Mar 29 '22 15:03 bbimber

I think I see what's happening here. Using your example:

import anndata as ad

a = ad.read_h5ad("./outFile.h5ad")
a

AnnData object with n_obs × n_vars = 2700 × 13714
    obs: 'orig.ident', 'nCount_RNA', 'nFeature_RNA', 'seurat_annotations'
    var: '_index', 'features'

The obs_names are read correctly, while the var_names are not.

Checking how the dataframes have been encoded:

import h5py

f = h5py.File("outFile.h5ad")

dict(f["obs"].attrs)

{'_index': '_index',
 'column-order': array(['orig.ident', 'nCount_RNA', 'nFeature_RNA', 'seurat_annotations'],
       dtype=object),
 'encoding-type': 'dataframe',
 'encoding-version': '0.1.0'}

dict(f["var"].attrs)

{'_index': '_index', 'column-order': array(['features'], dtype=object)}

So, this is essentially the same issue as reported in #731. Basically, since dataframes were stored in a columnar format, anndata always annotated the hdf5 groups with an encoding type. However, we never checked for it, so it didn't matter for reading.

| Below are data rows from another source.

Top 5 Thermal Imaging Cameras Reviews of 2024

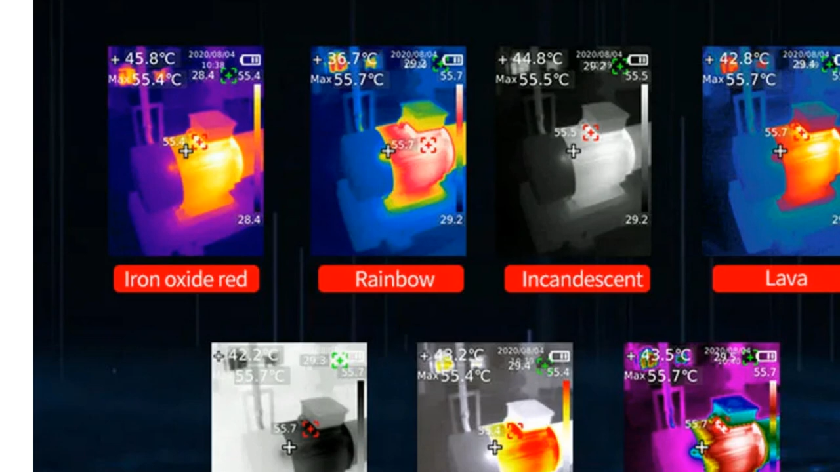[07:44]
Furthermore, its thermal fusion feature is particularly beneficial, allowing a clearer depiction of the actual surroundings by blending thermal and visible light images. The device is user-friendly and built to withstand rigorous conditions,
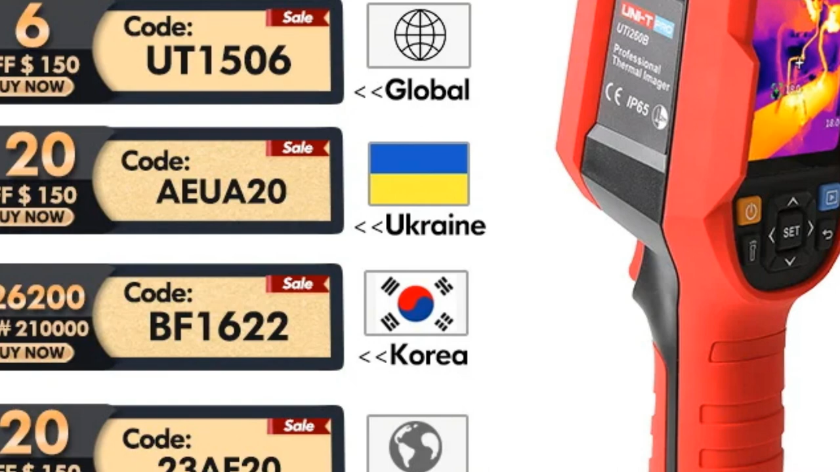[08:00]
earning an IP65 rating and passing the 2-meter drop test. This ruggedness ensures its durability in challenging environments, making it suitable for various industries.
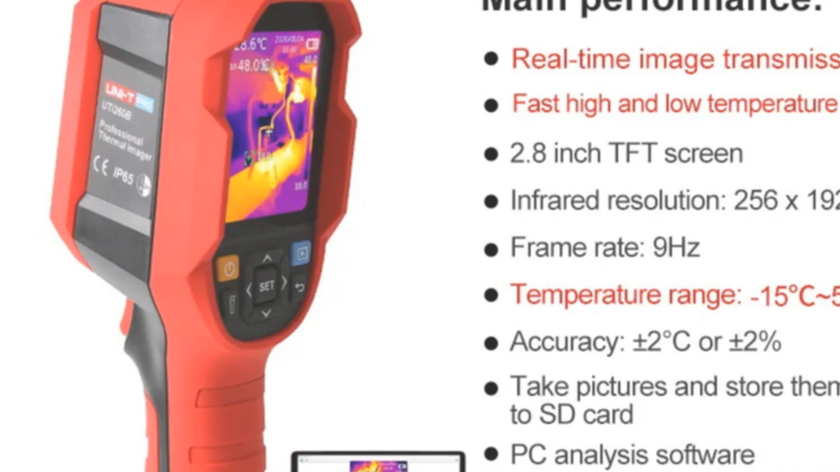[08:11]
It's noteworthy that the UTI-260B goes beyond thermal imaging. It includes features like LED fill light, LED alarm, and real-time image transmission.
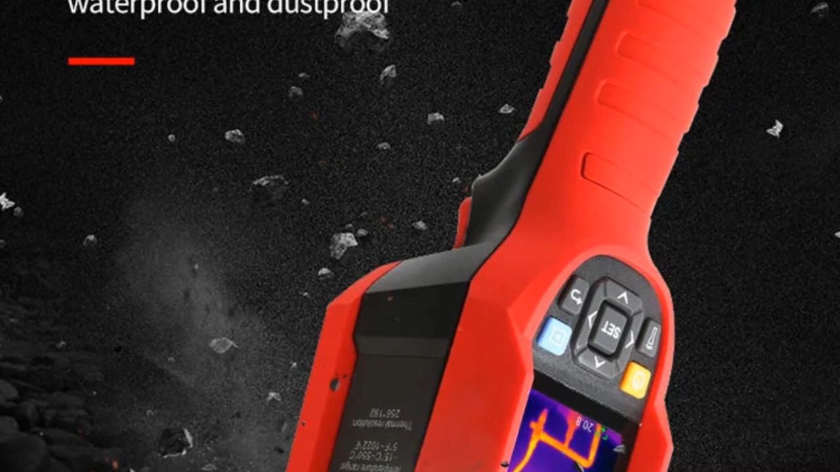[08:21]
Additionally, the capacity to analyze images on a PC, along with customizable temperature measurement points, further enhances its utility.
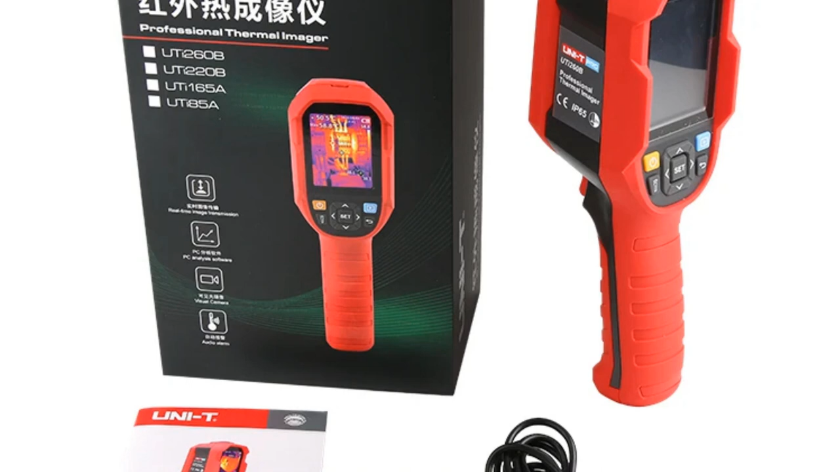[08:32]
This thermal imager is a reliable asset for professionals across industries like mechanical, electrical, facility management, and more. Its precise temperature measurement, advanced imaging capabilities,
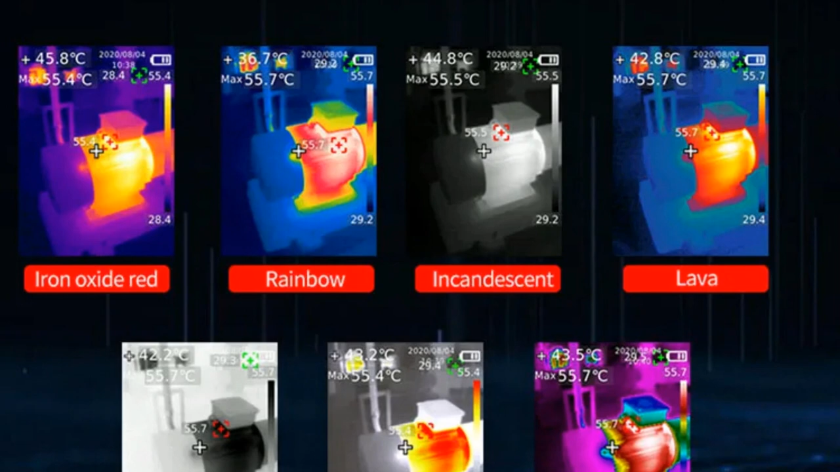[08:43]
and robust build make it a valuable tool for comprehensive inspections. At number 1. Milici TR256 Professional
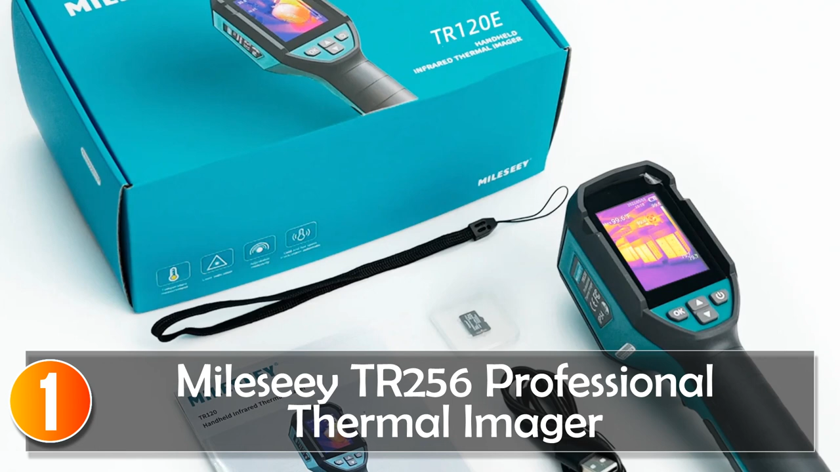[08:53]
Thermal Imager The Milici TR256 is an advanced handheld thermal imager designed to cater to a wide array of thermal detection tasks. It boasts a remarkable 256 of 192 pixels resolution thermal sensor that delivers superior image quality and impeccable performance. Notably, the TR256 covers a temperature range from minus 20 degrees Celsius to 550 degrees Celsius,
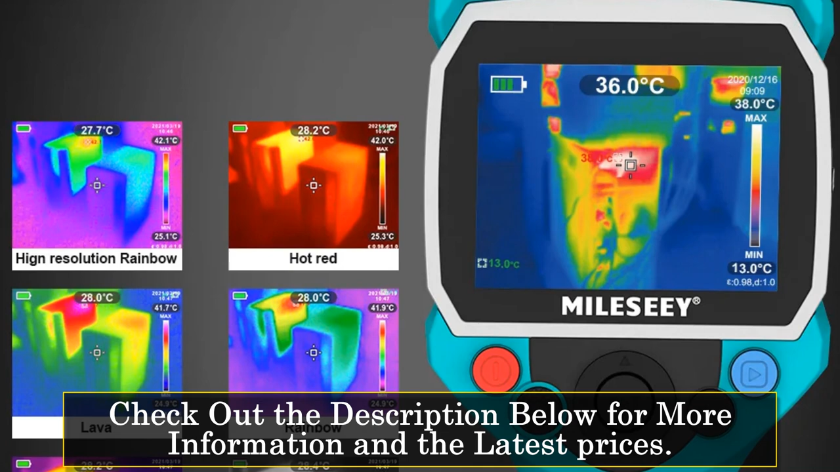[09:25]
On screen: spot 36.0°C
minus 4 degrees Fahrenheit to 1022 degrees Fahrenheit, making it versatile for numerous applications.
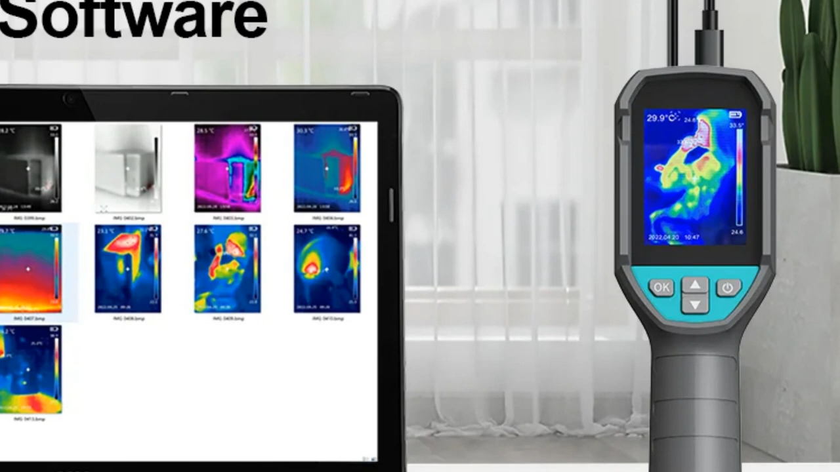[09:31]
On screen: spot 29.9°C
One standout feature is its comprehensive display, a generous 3.5-inch HD screen that allows for precise fault area inspection,
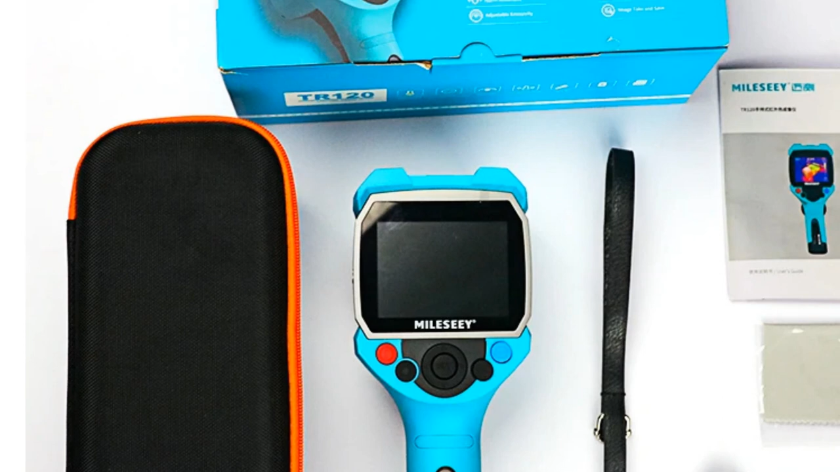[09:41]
offering an extensive view and making the detection process more efficient. Moreover, its auto-tracking temperature alarm system, capable of automatically locking minimum and maximum temperature points,
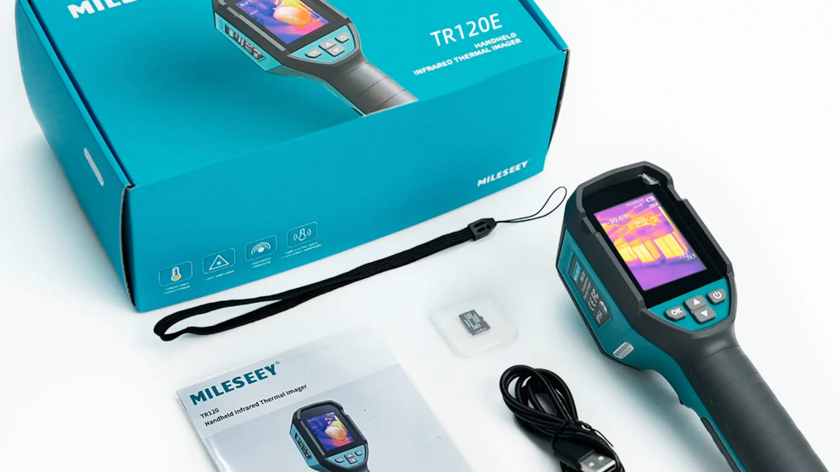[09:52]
ensures real-time and highly accurate temperature data. This feature is a boon for professionals across various sectors, from HVAC troubleshooting to facility maintenance.
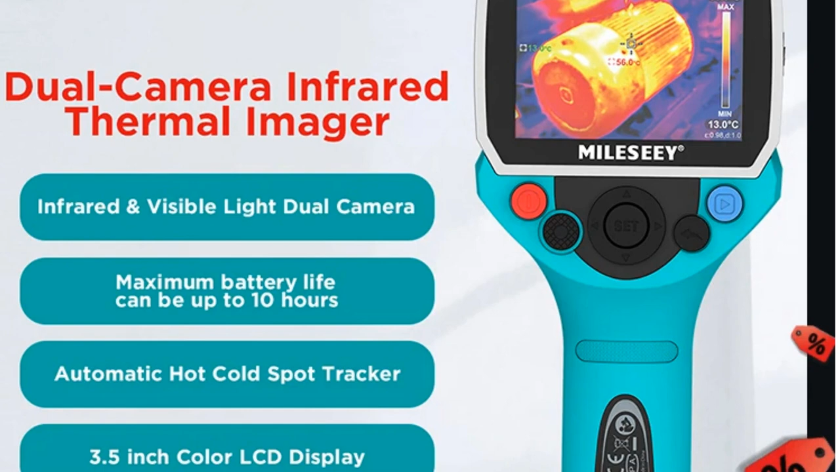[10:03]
The device is equipped with a robust 5000-May lithium battery and supports Type-C charging, ensuring extended usage with up to 10 hours of continuous operation.
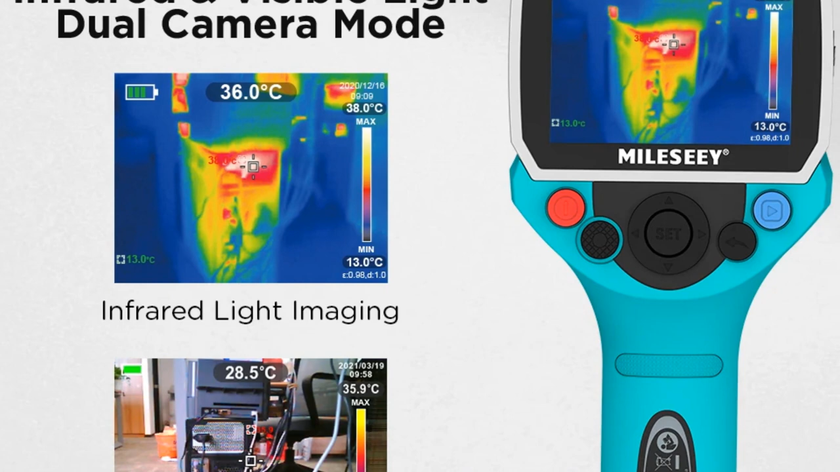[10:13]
The IP65 rating shields it from dust and humid conditions, while its rugged design ensures durability, even with a 1.5-meter drop resistance.
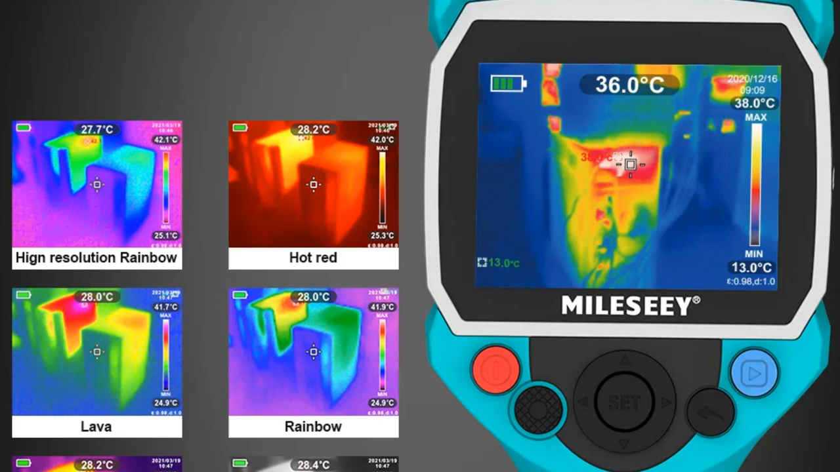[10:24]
The MILIS-E TR256 is a reliable thermal inspection tool,
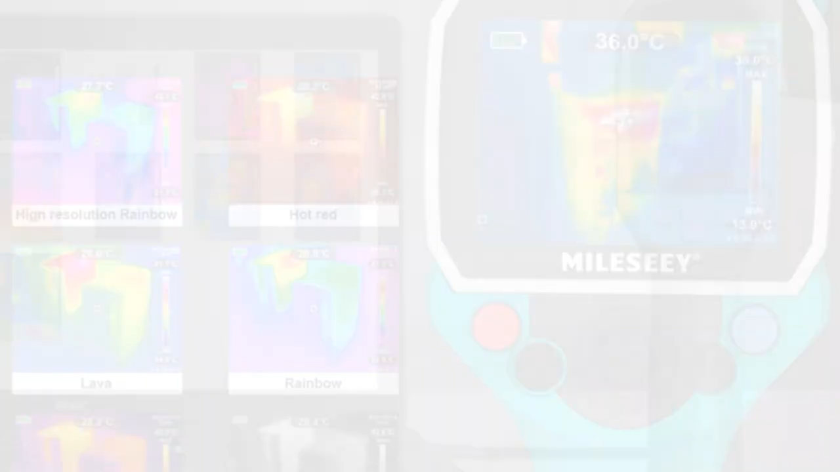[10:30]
On screen: spot 36.0°C
perfect for tasks such as house inspections, facility maintenance, and professional electrical and mechanical system checks.
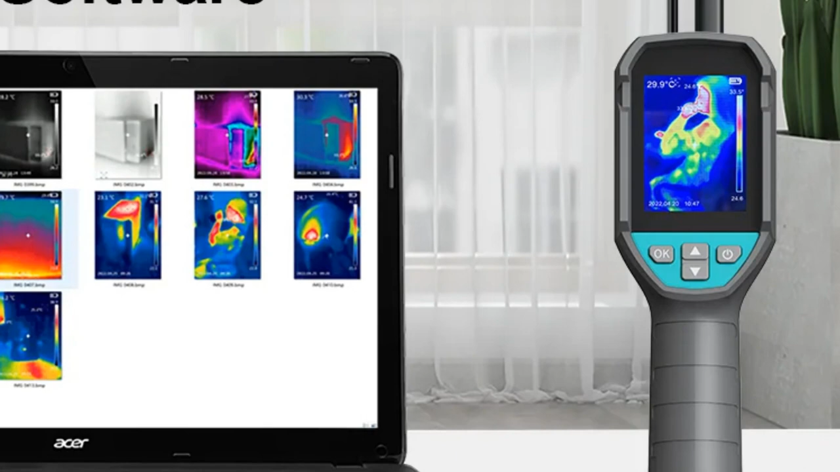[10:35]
On screen: spot 29.9°C
Its user-friendly design, superior image quality, and prolonged battery life make it an indispensable tool for professionals in various industries, ensuring accurate and efficient thermal analysis. Thanks for tuning in to JM Express.
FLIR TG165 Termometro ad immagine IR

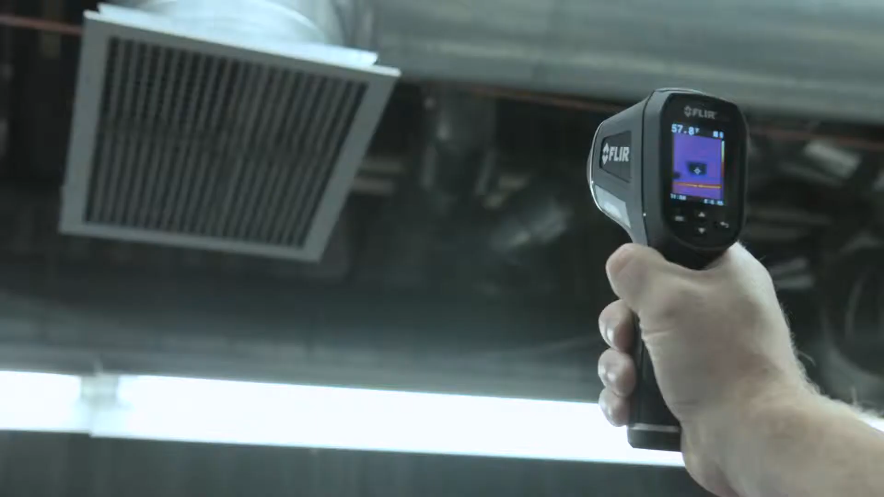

Now that we are relying on that encoding info, and never wrote out a dataframe without it, we didn't account for "partially correct" written files in this release. Seurat disk should write this metadata, but I'll make a bug fix which works while complaining loudly about this. See the conversation on the other issue for more.

Mar 29 '22 16:03 ivirshup

This issue has been automatically marked as stale because it has not had recent activity. Please add a comment if you want to keep the issue open. Thank you for your contributions!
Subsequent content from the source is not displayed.